Next, consider the option (see Figure 6 below) when production processes are in a statistically controlled state, their spread 6σ is greater than the width of the tolerance field (for example, Cp<1.00), and they are perfectly centered (for example, Cpk≈Cp). Then, again, part of the manufactured products will be outside the tolerance range. All produced parts will have to be divided into those that comply with the tolerance zone and those that do not, carrying out 100% control. In this case, it is known in advance that some parts will not meet the tolerance.

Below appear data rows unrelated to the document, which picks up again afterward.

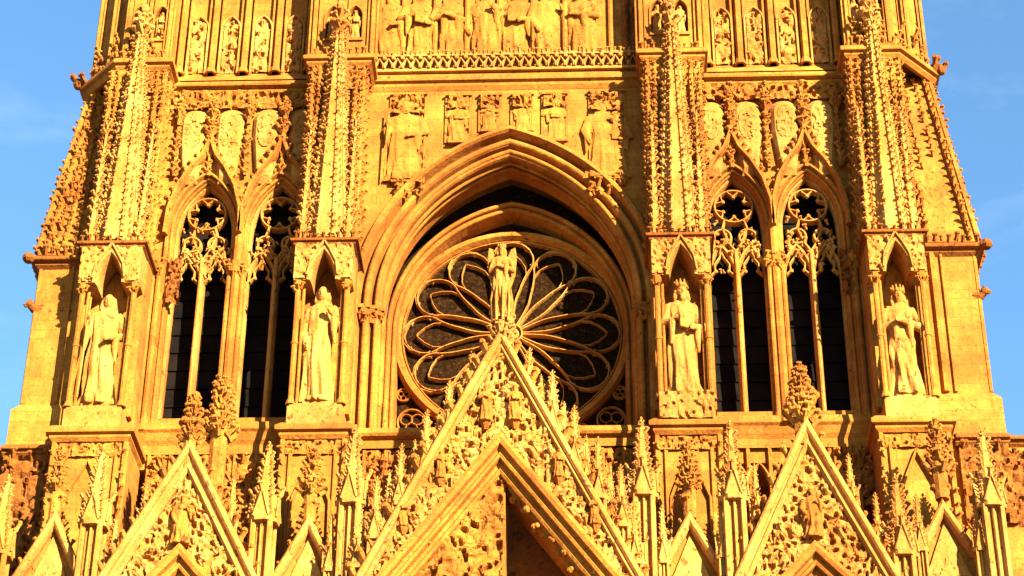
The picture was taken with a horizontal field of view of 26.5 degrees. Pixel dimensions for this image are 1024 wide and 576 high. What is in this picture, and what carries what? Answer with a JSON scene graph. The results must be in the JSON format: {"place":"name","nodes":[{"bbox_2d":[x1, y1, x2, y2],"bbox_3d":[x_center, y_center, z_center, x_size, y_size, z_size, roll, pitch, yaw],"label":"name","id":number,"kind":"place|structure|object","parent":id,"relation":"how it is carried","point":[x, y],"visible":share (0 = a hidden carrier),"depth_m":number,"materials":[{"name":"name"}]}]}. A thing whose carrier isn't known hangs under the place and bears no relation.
{"place":"outdoors","nodes":[
{"label":"outdoors","id":0,"kind":"place"},
{"bbox_2d":[0,0,1023,575],"bbox_3d":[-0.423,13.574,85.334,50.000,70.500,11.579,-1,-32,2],"label":"cathedral","id":1,"kind":"structure","parent":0,"point":[788,202],"depth_m":93.95,"materials":[{"name":"stone"}]},
{"bbox_2d":[75,294,124,405],"bbox_3d":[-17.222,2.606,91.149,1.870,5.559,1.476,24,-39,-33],"label":"statue","id":2,"kind":"object","parent":1,"relation":"on","point":[103,330],"visible":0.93,"depth_m":90.79,"materials":[{"name":"stone"}]},
{"bbox_2d":[154,12,167,37],"bbox_3d":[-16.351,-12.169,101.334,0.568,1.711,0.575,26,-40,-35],"label":"statue","id":3,"kind":"object","parent":1,"relation":"on","point":[160,21],"visible":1,"depth_m":101.24,"materials":[{"name":"stone"}]},
{"bbox_2d":[170,495,195,545],"bbox_3d":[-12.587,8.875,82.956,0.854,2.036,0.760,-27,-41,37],"label":"statue","id":4,"kind":"object","parent":1,"relation":"attached to","point":[183,511],"visible":1,"depth_m":82.78,"materials":[{"name":"stone"}]},
{"bbox_2d":[147,115,243,422],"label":"lancet window","id":5,"kind":"structure","parent":1,"relation":"in","point":[205,214],"depth_m":96.12,"materials":[{"name":"stone"}]},
{"bbox_2d":[235,112,302,417],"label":"lancet window","id":6,"kind":"structure","parent":1,"relation":"in","point":[263,371],"depth_m":95.96,"materials":[{"name":"stone"}]},
{"bbox_2d":[298,287,339,402],"bbox_3d":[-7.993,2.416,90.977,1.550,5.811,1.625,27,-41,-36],"label":"statue","id":7,"kind":"object","parent":1,"relation":"on","point":[321,323],"visible":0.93,"depth_m":90.60,"materials":[{"name":"stone"}]},
{"bbox_2d":[326,16,333,37],"bbox_3d":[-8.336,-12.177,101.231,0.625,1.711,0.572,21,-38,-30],"label":"statue","id":8,"kind":"object","parent":1,"relation":"on","point":[330,31],"visible":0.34,"depth_m":100.97,"materials":[{"name":"stone"}]},
{"bbox_2d":[349,10,362,36],"bbox_3d":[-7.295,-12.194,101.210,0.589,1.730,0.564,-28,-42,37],"label":"statue","id":9,"kind":"object","parent":1,"relation":"on","point":[356,19],"visible":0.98,"depth_m":101.08,"materials":[{"name":"stone"}]},
{"bbox_2d":[377,0,404,68],"bbox_3d":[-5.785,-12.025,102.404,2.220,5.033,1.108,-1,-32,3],"label":"statue","id":10,"kind":"object","parent":1,"relation":"on","point":[390,36],"visible":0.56,"depth_m":102.19,"materials":[{"name":"stone"}]},
{"bbox_2d":[397,502,410,526],"bbox_3d":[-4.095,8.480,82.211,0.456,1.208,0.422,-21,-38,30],"label":"statue","id":11,"kind":"object","parent":1,"relation":"on","point":[404,509],"visible":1,"depth_m":82.05,"materials":[{"name":"stone"}]},
{"bbox_2d":[382,101,429,182],"bbox_3d":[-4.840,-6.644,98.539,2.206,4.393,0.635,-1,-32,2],"label":"statue","id":12,"kind":"object","parent":1,"relation":"attached to","point":[406,131],"visible":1,"depth_m":98.37,"materials":[{"name":"stone"}]},
{"bbox_2d":[397,0,438,68],"bbox_3d":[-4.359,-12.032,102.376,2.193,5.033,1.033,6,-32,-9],"label":"statue","id":13,"kind":"object","parent":1,"relation":"attached to","point":[415,15],"visible":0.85,"depth_m":102.22,"materials":[{"name":"stone"}]},
{"bbox_2d":[433,451,446,478],"bbox_3d":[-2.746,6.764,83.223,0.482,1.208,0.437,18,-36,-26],"label":"statue","id":14,"kind":"object","parent":1,"relation":"on","point":[440,458],"visible":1,"depth_m":83.13,"materials":[{"name":"stone"}]},
{"bbox_2d":[428,0,472,67],"bbox_3d":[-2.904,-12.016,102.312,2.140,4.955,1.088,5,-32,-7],"label":"statue","id":15,"kind":"object","parent":1,"relation":"attached to","point":[449,15],"visible":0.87,"depth_m":102.24,"materials":[{"name":"stone"}]},
{"bbox_2d":[446,107,470,142],"bbox_3d":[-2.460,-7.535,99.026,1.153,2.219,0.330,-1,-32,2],"label":"statue","id":16,"kind":"object","parent":1,"relation":"on","point":[458,117],"visible":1,"depth_m":98.94,"materials":[{"name":"stone"}]},
{"bbox_2d":[463,0,504,66],"bbox_3d":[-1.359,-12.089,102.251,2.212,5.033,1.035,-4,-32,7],"label":"statue","id":17,"kind":"object","parent":1,"relation":"attached to","point":[486,16],"visible":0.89,"depth_m":102.16,"materials":[{"name":"stone"}]},
{"bbox_2d":[477,385,493,422],"bbox_3d":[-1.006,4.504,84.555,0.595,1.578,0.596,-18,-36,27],"label":"statue","id":18,"kind":"object","parent":1,"relation":"on","point":[485,396],"visible":1,"depth_m":84.42,"materials":[{"name":"stone"}]},
{"bbox_2d":[481,101,499,128],"bbox_3d":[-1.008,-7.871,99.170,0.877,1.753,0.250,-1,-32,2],"label":"statue","id":19,"kind":"object","parent":1,"relation":"on","point":[489,118],"visible":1,"depth_m":99.10,"materials":[{"name":"stone"}]},
{"bbox_2d":[488,242,516,314],"bbox_3d":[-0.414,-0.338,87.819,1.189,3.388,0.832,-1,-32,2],"label":"statue","id":20,"kind":"object","parent":1,"relation":"on","point":[501,267],"visible":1,"depth_m":87.91,"materials":[{"name":"stone"}]},
{"bbox_2d":[388,185,628,427],"bbox_3d":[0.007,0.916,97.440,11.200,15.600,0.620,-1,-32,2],"label":"rose window","id":21,"kind":"structure","parent":1,"relation":"in","point":[567,310],"depth_m":97.28,"materials":[{"name":"stone"}]},
{"bbox_2d":[506,384,523,421],"bbox_3d":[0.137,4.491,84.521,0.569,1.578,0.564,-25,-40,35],"label":"statue","id":22,"kind":"object","parent":1,"relation":"on","point":[515,397],"visible":1,"depth_m":84.38,"materials":[{"name":"stone"}]},
{"bbox_2d":[500,0,535,66],"bbox_3d":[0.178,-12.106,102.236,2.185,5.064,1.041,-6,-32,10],"label":"statue","id":23,"kind":"object","parent":1,"relation":"attached to","point":[515,25],"visible":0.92,"depth_m":102.01,"materials":[{"name":"stone"}]},
{"bbox_2d":[512,100,531,127],"bbox_3d":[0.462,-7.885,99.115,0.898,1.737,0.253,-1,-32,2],"label":"statue","id":24,"kind":"object","parent":1,"relation":"on","point":[522,117],"visible":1,"depth_m":99.04,"materials":[{"name":"stone"}]},
{"bbox_2d":[527,0,564,65],"bbox_3d":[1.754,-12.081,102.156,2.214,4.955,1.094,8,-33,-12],"label":"statue","id":25,"kind":"object","parent":1,"relation":"attached to","point":[544,29],"visible":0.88,"depth_m":102.03,"materials":[{"name":"stone"}]},
{"bbox_2d":[542,101,566,140],"bbox_3d":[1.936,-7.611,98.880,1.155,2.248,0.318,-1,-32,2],"label":"statue","id":26,"kind":"object","parent":1,"relation":"on","point":[554,116],"visible":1,"depth_m":98.80,"materials":[{"name":"stone"}]},
{"bbox_2d":[552,449,565,476],"bbox_3d":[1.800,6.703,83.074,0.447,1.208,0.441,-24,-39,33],"label":"statue","id":27,"kind":"object","parent":1,"relation":"on","point":[558,457],"visible":1,"depth_m":82.97,"materials":[{"name":"stone"}]},
{"bbox_2d":[558,0,599,65],"bbox_3d":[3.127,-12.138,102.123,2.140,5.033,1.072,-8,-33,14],"label":"statue","id":28,"kind":"object","parent":1,"relation":"on","point":[581,15],"visible":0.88,"depth_m":101.98,"materials":[{"name":"stone"}]},
{"bbox_2d":[589,500,600,524],"bbox_3d":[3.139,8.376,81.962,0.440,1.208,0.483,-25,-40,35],"label":"statue","id":29,"kind":"object","parent":1,"relation":"on","point":[594,512],"visible":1,"depth_m":81.81,"materials":[{"name":"stone"}]},
{"bbox_2d":[581,103,620,179],"bbox_3d":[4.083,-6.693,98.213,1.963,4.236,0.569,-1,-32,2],"label":"statue","id":30,"kind":"object","parent":1,"relation":"attached to","point":[599,124],"visible":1,"depth_m":98.08,"materials":[{"name":"stone"}]},
{"bbox_2d":[606,111,632,178],"bbox_3d":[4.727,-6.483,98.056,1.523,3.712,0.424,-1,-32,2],"label":"statue","id":31,"kind":"object","parent":1,"relation":"attached to","point":[622,136],"visible":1,"depth_m":97.98,"materials":[{"name":"stone"}]},
{"bbox_2d":[651,5,663,31],"bbox_3d":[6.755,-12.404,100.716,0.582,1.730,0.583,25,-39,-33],"label":"statue","id":32,"kind":"object","parent":1,"relation":"on","point":[656,16],"visible":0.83,"depth_m":100.63,"materials":[{"name":"stone"}]},
{"bbox_2d":[676,6,686,30],"bbox_3d":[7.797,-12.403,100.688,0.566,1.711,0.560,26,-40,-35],"label":"statue","id":33,"kind":"object","parent":1,"relation":"on","point":[683,13],"visible":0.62,"depth_m":100.58,"materials":[{"name":"stone"}]},
{"bbox_2d":[661,278,705,393],"bbox_3d":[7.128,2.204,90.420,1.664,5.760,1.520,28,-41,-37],"label":"statue","id":34,"kind":"object","parent":1,"relation":"on","point":[681,319],"visible":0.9,"depth_m":90.12,"materials":[{"name":"stone"}]},
{"bbox_2d":[706,102,776,411],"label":"lancet window","id":35,"kind":"structure","parent":1,"relation":"in","point":[744,374],"depth_m":95.26,"materials":[{"name":"stone"}]},
{"bbox_2d":[799,488,824,540],"bbox_3d":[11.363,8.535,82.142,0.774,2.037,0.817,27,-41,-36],"label":"statue","id":36,"kind":"object","parent":1,"relation":"attached to","point":[812,506],"visible":1,"depth_m":81.98,"materials":[{"name":"stone"}]},
{"bbox_2d":[770,100,863,413],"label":"lancet window","id":37,"kind":"structure","parent":1,"relation":"in","point":[808,206],"depth_m":95.26,"materials":[{"name":"stone"}]},
{"bbox_2d":[850,0,859,25],"bbox_3d":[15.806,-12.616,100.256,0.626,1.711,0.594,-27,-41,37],"label":"statue","id":38,"kind":"object","parent":1,"relation":"on","point":[854,6],"visible":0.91,"depth_m":100.18,"materials":[{"name":"stone"}]},
{"bbox_2d":[872,0,882,24],"bbox_3d":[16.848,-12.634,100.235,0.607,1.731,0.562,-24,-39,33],"label":"statue","id":39,"kind":"object","parent":1,"relation":"on","point":[879,7],"visible":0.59,"depth_m":100.13,"materials":[{"name":"stone"}]},
{"bbox_2d":[882,284,925,395],"bbox_3d":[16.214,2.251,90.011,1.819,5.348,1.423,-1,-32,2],"label":"statue","id":40,"kind":"object","parent":1,"relation":"on","point":[902,323],"visible":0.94,"depth_m":89.69,"materials":[{"name":"stone"}]},
{"bbox_2d":[0,0,1023,446],"label":"sky","id":41,"kind":"structure","parent":0,"point":[43,42],"materials":[{"name":"blue"}]}
]}

Figure 6. Manufacturing processes are in a statistically controlled (stable) state, their spread 6σ is greater than the width of the tolerance field (for example, Cp<1.00), and they are perfectly centered (for example, Cpk≈Cp).
Next, consider the option (see Figure 7 below) when production processes are in a statistically controlled state, their spread 6σ is greater than the width of the tolerance field (for example, Cp<1.00), and they are not centered (Cpk<Cp). Then, even more of the products will be outside the tolerance range. The consequences are obvious. All produced parts will have to be divided into those that comply with the tolerance zone and those that do not, carrying out 100% control. In this case, it is known in advance that more than half of the parts will be inappropriate.
Figure 7. Production processes are in a statistically controlled (stable) state, their spread 6σ is greater than the width of the tolerance field (for example, Cp<1.00), and they are not centered (Cpk<Cp).
Figure 8 below is another option that matches the condition described for Figure 7 above. Again, the consequences are obvious. All produced parts will have to be divided into those that comply with the tolerance zone and those that do not, carrying out 100% control. In this case, it is known in advance that more than half of the parts will be inappropriate.
Figure 8. A special case of the option from Figure 7. Production processes are in a statistically controlled (stable) state, their spread 6σ is greater than the width of the tolerance field (for example, Cp<1.00), and they are not centered (Cpk<Cp).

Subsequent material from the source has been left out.